The U.S. life settlement market is heavily regulated and some insurance regulators have had to spend a highly disproportionate amount of resources to oversee this very small segment of its market. However, it continues to be characterized by widespread fraud and abuse of the consumers selling their life insurance policies and investors in syndicates formed to purchase such policies, including insufficient disclosure and payments that constitute a fraction of the face value of the policy.

Another problem area underlined by the U.S. experience involves privacy. Life settlement providers and their investors are compensated through the payment of the purchased policy's death benefit. To ensure prompt notification of the death of the insured and submission of claims forms to the insurer, the life settlement industry aggressively tracks the health status of those insured individuals. This has led to significant complaints about insensitivity and the need to limit contact between life settlement companies and the insured individuals.

In addition, critics argue that there are no standards imposed on persons wishing to become an investor in life settlements, which raises the concern that unscrupulous investors may be tempted to treat the insured in an insensitive manner (or, indeed, even worse).
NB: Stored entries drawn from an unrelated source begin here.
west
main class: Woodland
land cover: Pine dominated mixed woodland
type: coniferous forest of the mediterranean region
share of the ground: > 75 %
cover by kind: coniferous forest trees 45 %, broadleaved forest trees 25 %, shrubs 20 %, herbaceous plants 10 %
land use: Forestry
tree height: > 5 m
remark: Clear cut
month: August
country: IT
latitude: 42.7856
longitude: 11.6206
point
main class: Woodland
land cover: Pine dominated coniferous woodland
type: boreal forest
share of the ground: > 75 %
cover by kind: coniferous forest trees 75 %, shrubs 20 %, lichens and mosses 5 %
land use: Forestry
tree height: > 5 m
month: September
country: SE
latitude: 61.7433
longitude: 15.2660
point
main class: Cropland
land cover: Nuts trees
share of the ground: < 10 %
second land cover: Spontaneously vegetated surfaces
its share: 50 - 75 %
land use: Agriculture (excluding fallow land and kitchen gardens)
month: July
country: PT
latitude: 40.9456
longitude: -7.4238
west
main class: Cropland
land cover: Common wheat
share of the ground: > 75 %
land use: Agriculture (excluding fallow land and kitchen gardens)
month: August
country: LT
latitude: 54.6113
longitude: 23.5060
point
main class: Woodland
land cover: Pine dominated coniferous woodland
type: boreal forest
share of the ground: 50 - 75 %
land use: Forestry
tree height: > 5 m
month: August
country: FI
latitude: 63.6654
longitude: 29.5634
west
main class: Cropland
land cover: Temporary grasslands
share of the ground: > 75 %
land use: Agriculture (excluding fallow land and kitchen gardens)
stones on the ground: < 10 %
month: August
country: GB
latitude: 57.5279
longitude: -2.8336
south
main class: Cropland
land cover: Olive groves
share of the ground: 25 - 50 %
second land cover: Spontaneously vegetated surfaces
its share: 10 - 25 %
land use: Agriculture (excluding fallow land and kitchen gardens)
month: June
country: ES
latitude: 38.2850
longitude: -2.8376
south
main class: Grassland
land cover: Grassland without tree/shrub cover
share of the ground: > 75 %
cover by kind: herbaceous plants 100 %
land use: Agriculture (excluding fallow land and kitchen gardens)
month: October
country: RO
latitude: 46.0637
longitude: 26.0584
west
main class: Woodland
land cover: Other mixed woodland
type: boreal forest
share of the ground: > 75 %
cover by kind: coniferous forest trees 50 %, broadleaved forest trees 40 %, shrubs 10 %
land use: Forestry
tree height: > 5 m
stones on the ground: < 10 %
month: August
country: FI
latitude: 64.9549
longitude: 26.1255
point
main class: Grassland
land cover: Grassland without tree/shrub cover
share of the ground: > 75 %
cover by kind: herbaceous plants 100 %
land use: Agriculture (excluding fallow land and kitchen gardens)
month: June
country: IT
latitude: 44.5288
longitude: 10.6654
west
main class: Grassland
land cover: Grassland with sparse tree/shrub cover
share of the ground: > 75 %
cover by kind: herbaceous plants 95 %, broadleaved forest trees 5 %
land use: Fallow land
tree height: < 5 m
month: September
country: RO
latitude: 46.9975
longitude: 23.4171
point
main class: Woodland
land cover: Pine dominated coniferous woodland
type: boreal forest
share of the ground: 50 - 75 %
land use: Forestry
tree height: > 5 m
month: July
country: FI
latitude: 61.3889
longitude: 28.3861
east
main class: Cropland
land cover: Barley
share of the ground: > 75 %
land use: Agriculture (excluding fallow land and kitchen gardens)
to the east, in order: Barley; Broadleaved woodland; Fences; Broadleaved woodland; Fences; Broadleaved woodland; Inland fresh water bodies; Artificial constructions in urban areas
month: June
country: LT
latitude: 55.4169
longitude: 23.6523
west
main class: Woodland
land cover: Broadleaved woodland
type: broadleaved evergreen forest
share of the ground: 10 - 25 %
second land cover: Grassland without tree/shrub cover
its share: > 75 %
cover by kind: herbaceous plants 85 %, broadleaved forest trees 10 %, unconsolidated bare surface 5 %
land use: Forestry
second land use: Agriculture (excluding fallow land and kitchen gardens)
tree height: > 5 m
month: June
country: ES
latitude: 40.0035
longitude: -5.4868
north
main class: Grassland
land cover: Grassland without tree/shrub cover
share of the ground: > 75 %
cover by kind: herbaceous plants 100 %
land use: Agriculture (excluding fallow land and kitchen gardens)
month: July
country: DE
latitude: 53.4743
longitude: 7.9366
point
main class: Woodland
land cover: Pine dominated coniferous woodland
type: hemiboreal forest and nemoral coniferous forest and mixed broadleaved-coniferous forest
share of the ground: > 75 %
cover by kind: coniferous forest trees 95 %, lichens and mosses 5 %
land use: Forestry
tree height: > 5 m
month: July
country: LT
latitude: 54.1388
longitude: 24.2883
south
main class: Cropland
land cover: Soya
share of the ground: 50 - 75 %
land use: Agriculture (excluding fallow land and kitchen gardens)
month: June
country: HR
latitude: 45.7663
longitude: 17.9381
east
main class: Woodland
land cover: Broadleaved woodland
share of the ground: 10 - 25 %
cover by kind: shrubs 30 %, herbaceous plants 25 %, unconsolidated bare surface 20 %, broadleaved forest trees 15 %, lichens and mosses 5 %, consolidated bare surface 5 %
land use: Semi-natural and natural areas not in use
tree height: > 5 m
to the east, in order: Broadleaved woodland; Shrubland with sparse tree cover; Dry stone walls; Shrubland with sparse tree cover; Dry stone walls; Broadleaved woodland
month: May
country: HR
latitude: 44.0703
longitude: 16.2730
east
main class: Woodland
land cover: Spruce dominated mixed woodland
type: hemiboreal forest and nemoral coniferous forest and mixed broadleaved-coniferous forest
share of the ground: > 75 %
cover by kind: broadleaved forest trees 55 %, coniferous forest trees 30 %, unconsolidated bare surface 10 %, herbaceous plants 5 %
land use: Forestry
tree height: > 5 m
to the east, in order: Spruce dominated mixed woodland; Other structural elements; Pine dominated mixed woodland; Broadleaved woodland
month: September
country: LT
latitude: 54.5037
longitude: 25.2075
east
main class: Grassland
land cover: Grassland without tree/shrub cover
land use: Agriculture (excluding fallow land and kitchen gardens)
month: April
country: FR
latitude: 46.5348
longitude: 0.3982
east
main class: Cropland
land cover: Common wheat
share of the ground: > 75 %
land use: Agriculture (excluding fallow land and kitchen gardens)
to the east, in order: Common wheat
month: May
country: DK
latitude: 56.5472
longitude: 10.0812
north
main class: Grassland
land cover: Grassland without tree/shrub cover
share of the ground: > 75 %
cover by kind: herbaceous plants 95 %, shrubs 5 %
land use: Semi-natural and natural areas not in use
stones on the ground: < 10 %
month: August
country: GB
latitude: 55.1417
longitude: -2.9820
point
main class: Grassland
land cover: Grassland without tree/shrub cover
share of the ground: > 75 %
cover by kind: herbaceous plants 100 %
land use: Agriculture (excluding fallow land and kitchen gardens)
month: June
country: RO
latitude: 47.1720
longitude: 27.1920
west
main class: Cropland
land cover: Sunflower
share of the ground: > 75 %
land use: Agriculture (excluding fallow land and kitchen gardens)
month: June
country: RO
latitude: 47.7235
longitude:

Other significant concerns have arisen in relation to possible harm to insurers and to investors. With respect to insurers, problems arise when an individual —with a view to obtaining a policy and selling it to a life settlement provider — applies for a life insurance policy and commits fraud in the application process by means of an omission of a material fact or making untrue, false, deceptive or misleading statements in order to obtain the life insurance policy or to obtain lower policy premiums on the life insurance policy. With respect to investors, life settlement contracts may not be suitable investments for some of the investors to whom they are being marketed (e.g., retired seniors).

It should be noted that most if not all of the lobbying activity to open up the market for life settlements appears to originate from the life settlement industry who see an opportunity to profit and not from policyholders. We would respectfully request that policymakers do not support Bill 162, for the many reasons set out above and to protect Ontario seniors from the potential harm that opening up this type of business would expose them to.